_How to complete this task_:
Every line of the data below must be output exactly, with images left out.

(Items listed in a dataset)
%%
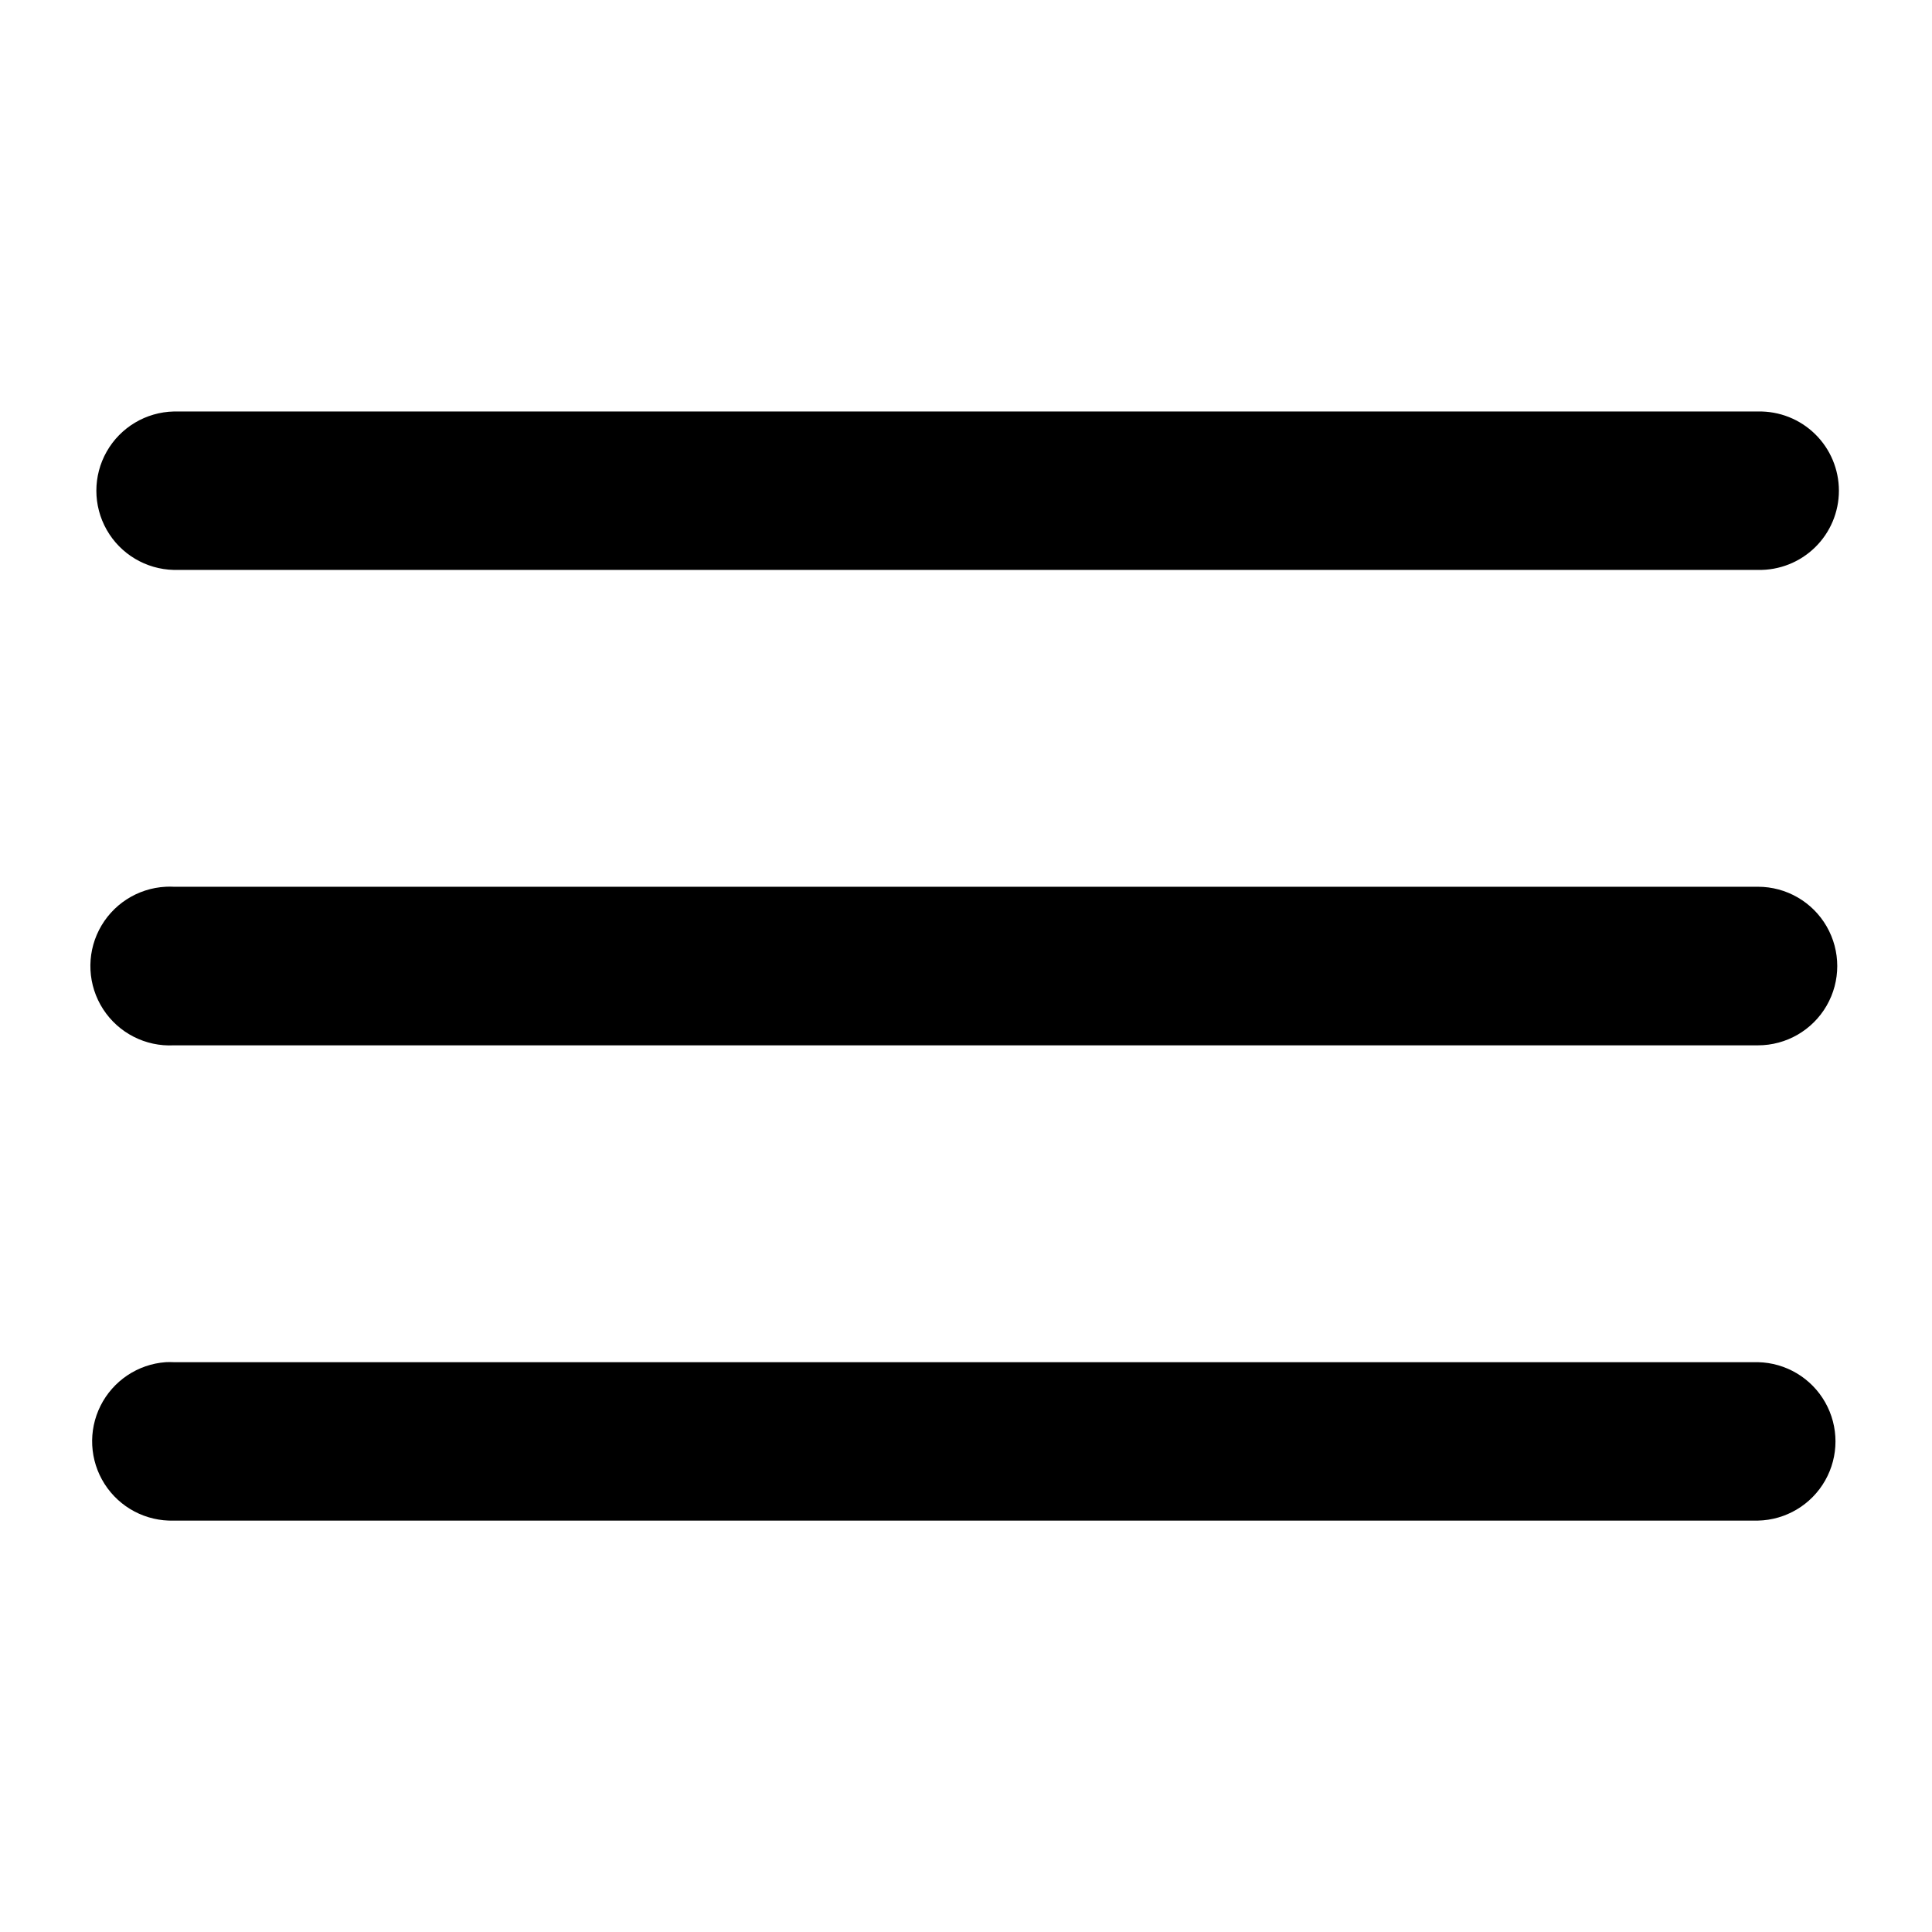 <?xml version="1.0" encoding="UTF-8"?>
<!-- Uploaded to: ICON Repo, www.svgrepo.com, Generator: ICON Repo Mixer Tools -->
<svg fill="#000000" width="800px" height="800px" version="1.1" viewBox="144 144 512 512" xmlns="http://www.w3.org/2000/svg">
 <path d="m190.08 253.05c-7.391 0.16-14.156 4.195-17.805 10.625-3.652 6.43-3.652 14.305 0 20.734 3.648 6.43 10.414 10.465 17.805 10.625h419.8c5.644 0.121 11.102-2.035 15.137-5.988 4.039-3.949 6.312-9.355 6.312-15.004s-2.273-11.059-6.312-15.008c-4.035-3.949-9.492-6.106-15.137-5.984zm-2.172 125.95c-7.508 0.387-14.238 4.75-17.656 11.445s-3.004 14.707 1.086 21.012c4.09 6.309 11.234 9.953 18.742 9.566h419.8c7.508 0 14.441-4.004 18.195-10.508 3.754-6.5 3.754-14.508 0-21.012-3.754-6.5-10.688-10.504-18.195-10.504h-419.8c-0.723-0.039-1.449-0.039-2.172 0zm0 125.99c-7.387 0.539-13.941 4.926-17.262 11.547-3.32 6.617-2.91 14.496 1.074 20.734 3.984 6.242 10.957 9.926 18.359 9.703h419.8c7.391-0.16 14.156-4.195 17.805-10.625 3.652-6.43 3.652-14.305 0-20.734-3.648-6.43-10.414-10.465-17.805-10.625h-419.8c-0.723-0.039-1.449-0.039-2.172 0z"/>
</svg>
%%
_Answer section_:
 <?xml version="1.0" encoding="UTF-8"?>
<!-- Uploaded to: ICON Repo, www.svgrepo.com, Generator: ICON Repo Mixer Tools -->
<svg fill="#000000" width="800px" height="800px" version="1.1" viewBox="144 144 512 512" xmlns="http://www.w3.org/2000/svg">
 <path d="m190.08 253.05c-7.391 0.16-14.156 4.195-17.805 10.625-3.652 6.43-3.652 14.305 0 20.734 3.648 6.43 10.414 10.465 17.805 10.625h419.8c5.644 0.121 11.102-2.035 15.137-5.988 4.039-3.949 6.312-9.355 6.312-15.004s-2.273-11.059-6.312-15.008c-4.035-3.949-9.492-6.106-15.137-5.984zm-2.172 125.95c-7.508 0.387-14.238 4.75-17.656 11.445s-3.004 14.707 1.086 21.012c4.09 6.309 11.234 9.953 18.742 9.566h419.8c7.508 0 14.441-4.004 18.195-10.508 3.754-6.5 3.754-14.508 0-21.012-3.754-6.5-10.688-10.504-18.195-10.504h-419.8c-0.723-0.039-1.449-0.039-2.172 0zm0 125.99c-7.387 0.539-13.941 4.926-17.262 11.547-3.32 6.617-2.91 14.496 1.074 20.734 3.984 6.242 10.957 9.926 18.359 9.703h419.8c7.391-0.16 14.156-4.195 17.805-10.625 3.652-6.43 3.652-14.305 0-20.734-3.648-6.43-10.414-10.465-17.805-10.625h-419.8c-0.723-0.039-1.449-0.039-2.172 0z"/>
</svg>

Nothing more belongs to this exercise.